Watersports: competitve slalom skiing, trick ski, ski jumping, wakeboarding, sailing, (rich kids’ sports unfortunately, but financially accessible at the collegiate level for a poor kid, even if by then its too late to become anywhere near elite. At least he will get a taste)
Cheaper (but highly geographically dependent): kiteboarding/surfing/boogie boarding
Snow sports: skiing/snowboarding. Much more financially accessible than watersports.
Motorsports: BMX, motocross, etc
Strength sports: olympic lifts, functional bodybuilding…when the boy comes of age
Outdoor: hunting/Camping/hiking/backpacking/mountaineering, fishing, mountain biking. As the son of an eagle scout id be remiss to not mention the boy scouts, but maybe that ship has sailed down the river of woke.
NO VIDEO GAMES!: ive wasted thousands of hours of my youth through early 30s addicted to a few games. Had i put that time into ANYTHING else, if be much wealthier, have an elite level skill (guitar?), and would have become socially adjusted much, much sooner.

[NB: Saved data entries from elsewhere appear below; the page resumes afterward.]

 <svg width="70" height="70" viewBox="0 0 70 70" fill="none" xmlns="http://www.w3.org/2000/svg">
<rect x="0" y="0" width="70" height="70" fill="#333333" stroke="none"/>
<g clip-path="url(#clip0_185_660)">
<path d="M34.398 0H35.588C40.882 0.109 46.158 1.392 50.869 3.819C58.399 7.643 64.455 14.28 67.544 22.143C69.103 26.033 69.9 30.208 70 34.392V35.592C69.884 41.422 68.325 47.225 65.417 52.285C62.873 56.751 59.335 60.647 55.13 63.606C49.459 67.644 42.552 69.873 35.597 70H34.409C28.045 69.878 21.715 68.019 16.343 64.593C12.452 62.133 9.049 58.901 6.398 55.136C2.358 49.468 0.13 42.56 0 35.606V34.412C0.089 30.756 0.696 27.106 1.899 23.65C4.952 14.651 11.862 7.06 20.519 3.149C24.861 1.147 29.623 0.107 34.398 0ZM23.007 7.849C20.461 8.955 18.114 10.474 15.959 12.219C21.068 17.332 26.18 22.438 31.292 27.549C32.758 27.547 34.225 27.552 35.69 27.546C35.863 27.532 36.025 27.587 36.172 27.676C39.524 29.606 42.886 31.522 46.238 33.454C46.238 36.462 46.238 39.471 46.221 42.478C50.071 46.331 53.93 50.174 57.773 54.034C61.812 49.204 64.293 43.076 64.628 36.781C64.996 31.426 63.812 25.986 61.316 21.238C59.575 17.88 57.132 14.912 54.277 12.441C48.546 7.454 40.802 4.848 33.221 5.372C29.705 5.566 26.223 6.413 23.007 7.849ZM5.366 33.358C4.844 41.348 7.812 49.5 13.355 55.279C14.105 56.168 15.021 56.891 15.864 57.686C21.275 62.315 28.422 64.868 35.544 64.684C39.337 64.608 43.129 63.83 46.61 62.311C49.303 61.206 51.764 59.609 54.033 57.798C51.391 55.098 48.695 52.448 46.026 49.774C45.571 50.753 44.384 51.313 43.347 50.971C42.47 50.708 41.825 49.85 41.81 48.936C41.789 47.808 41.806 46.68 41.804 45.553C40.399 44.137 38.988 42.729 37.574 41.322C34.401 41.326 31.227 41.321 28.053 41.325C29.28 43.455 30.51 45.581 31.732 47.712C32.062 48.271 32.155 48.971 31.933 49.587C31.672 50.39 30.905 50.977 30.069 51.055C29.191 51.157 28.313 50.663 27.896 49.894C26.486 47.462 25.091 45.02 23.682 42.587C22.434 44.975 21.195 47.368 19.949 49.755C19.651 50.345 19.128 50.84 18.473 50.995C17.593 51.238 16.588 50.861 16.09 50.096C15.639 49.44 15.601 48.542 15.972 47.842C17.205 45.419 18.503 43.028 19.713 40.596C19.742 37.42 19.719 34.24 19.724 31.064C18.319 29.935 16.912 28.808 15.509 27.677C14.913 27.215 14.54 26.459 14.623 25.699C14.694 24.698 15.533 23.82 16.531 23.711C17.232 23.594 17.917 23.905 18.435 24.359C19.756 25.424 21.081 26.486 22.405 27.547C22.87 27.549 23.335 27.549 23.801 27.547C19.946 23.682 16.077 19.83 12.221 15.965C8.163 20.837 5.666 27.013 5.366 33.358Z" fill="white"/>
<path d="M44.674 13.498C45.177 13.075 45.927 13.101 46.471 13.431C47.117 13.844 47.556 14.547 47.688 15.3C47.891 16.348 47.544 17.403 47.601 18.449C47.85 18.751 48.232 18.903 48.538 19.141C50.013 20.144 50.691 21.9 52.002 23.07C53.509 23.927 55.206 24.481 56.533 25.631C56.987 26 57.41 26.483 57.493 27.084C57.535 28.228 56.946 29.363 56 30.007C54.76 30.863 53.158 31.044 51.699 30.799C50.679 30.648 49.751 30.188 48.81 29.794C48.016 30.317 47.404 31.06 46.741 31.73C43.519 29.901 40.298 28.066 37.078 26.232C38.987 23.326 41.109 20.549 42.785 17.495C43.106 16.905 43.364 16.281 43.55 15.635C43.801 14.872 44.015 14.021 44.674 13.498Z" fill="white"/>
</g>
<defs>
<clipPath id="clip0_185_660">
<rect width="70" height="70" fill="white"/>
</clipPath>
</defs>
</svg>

Also competitve swimming and water polo. Springboard diving.
Rodeo sports
I might add that, in keeping with my earlier reply to Beau Albrecht, encouraging ones sons or young male relatives to pursue nom traditional “white” sports will benefit him greatly in finding a quality mate at a young age.
Why? Because, even though they are primarily individualized athletic pursuits, most have their own subset of female “groupies”. These (overwhelmingly white) girls have already self selected by accepting Chad’s invitation to join he and his friends at the lake for a wakeboard trip instead of Tyrone’s offer to “turn up” at da club/house party following the big game.

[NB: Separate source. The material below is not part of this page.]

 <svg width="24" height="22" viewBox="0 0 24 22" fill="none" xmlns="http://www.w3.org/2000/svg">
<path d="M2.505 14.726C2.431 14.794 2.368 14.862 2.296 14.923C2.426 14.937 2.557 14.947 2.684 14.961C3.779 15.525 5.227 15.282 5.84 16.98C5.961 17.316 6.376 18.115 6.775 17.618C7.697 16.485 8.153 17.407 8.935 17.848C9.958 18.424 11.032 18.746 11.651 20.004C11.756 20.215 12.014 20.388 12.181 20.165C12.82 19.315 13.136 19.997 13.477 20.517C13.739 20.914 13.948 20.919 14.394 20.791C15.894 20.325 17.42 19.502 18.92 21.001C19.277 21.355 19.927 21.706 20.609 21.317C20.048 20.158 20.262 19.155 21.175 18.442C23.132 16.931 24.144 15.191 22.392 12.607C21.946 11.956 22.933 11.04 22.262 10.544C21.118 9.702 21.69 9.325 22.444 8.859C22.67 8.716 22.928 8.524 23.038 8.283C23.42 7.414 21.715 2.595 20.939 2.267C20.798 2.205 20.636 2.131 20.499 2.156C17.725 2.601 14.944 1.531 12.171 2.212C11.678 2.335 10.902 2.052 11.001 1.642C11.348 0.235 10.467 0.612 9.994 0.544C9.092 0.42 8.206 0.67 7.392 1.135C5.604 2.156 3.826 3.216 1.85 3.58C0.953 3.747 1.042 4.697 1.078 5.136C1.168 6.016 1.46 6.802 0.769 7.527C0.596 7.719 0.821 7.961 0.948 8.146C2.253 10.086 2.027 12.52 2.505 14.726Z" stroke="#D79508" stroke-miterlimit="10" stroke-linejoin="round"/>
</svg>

Instead of being influenced by the adulation of the crowd and school newspaper that Tyrone is the highest status male for her to chase, she and her girlfriends on the boat will get to choose between chad, ryan and travis. Chad might not be world class, but among his peer group his skill and thus relative status could easily rise to the top of the heap (as it relates to female hypergamy, status is mostly relative, not absolute)

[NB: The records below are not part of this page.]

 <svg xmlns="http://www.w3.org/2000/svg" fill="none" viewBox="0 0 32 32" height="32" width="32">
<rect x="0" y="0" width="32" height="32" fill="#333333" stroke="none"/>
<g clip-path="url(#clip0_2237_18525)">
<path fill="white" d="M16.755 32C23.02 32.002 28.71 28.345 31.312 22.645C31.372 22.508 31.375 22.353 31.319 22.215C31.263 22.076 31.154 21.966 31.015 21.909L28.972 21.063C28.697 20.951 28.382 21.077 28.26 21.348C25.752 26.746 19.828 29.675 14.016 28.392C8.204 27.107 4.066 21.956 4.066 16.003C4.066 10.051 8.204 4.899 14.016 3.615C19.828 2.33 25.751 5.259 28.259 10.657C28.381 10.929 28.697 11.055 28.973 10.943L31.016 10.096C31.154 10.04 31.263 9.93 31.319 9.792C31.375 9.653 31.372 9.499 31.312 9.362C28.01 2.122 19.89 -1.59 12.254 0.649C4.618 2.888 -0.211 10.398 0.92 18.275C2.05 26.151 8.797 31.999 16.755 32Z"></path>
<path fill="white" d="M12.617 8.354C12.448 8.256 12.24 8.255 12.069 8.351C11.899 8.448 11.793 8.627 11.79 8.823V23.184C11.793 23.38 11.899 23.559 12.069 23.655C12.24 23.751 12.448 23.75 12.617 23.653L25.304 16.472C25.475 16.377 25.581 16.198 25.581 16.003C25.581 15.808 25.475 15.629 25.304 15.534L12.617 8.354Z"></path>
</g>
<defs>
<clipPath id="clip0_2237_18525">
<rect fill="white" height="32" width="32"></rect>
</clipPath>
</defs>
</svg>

In short, Becky is showing an innate pro-white preference in choosing to be around white boys instead of blacks, amd she will gravitate to the best of them (a small subset of athletes) instead of the best of a MUCH larger pool represented in the major sports, even at the HS level
Devon Stack in particular has had vicious things to say about anyone who takes any interest in sportsball, stating anyone who pays attention to or has an interest in sportsball, even if conflicted, is an NPC.
I will confide I support a certain old school, historical team in the NFL, but I do begrudginly for a variety of reasons. I cannot support that team in isolation. That team is in league with the NFL and everything it does—it is called the National Football LEAGUE, after all. Supporting that team supports how our American university system has whored itself out as the minor league to the NBA and NFL.
I know that professional sports are an incredibly negative influence on modern society. But it is not as if the NFL and sportsball will disappear if I boycott watching that team. So it is a conflict I have. I will say I do not support the team with anything close to the sort of fanaticism I once did. But part of that is because I no longer think they are winning a Super Bowl anytime soon as they wasted wasted what should have been a Super Bowl dynasty.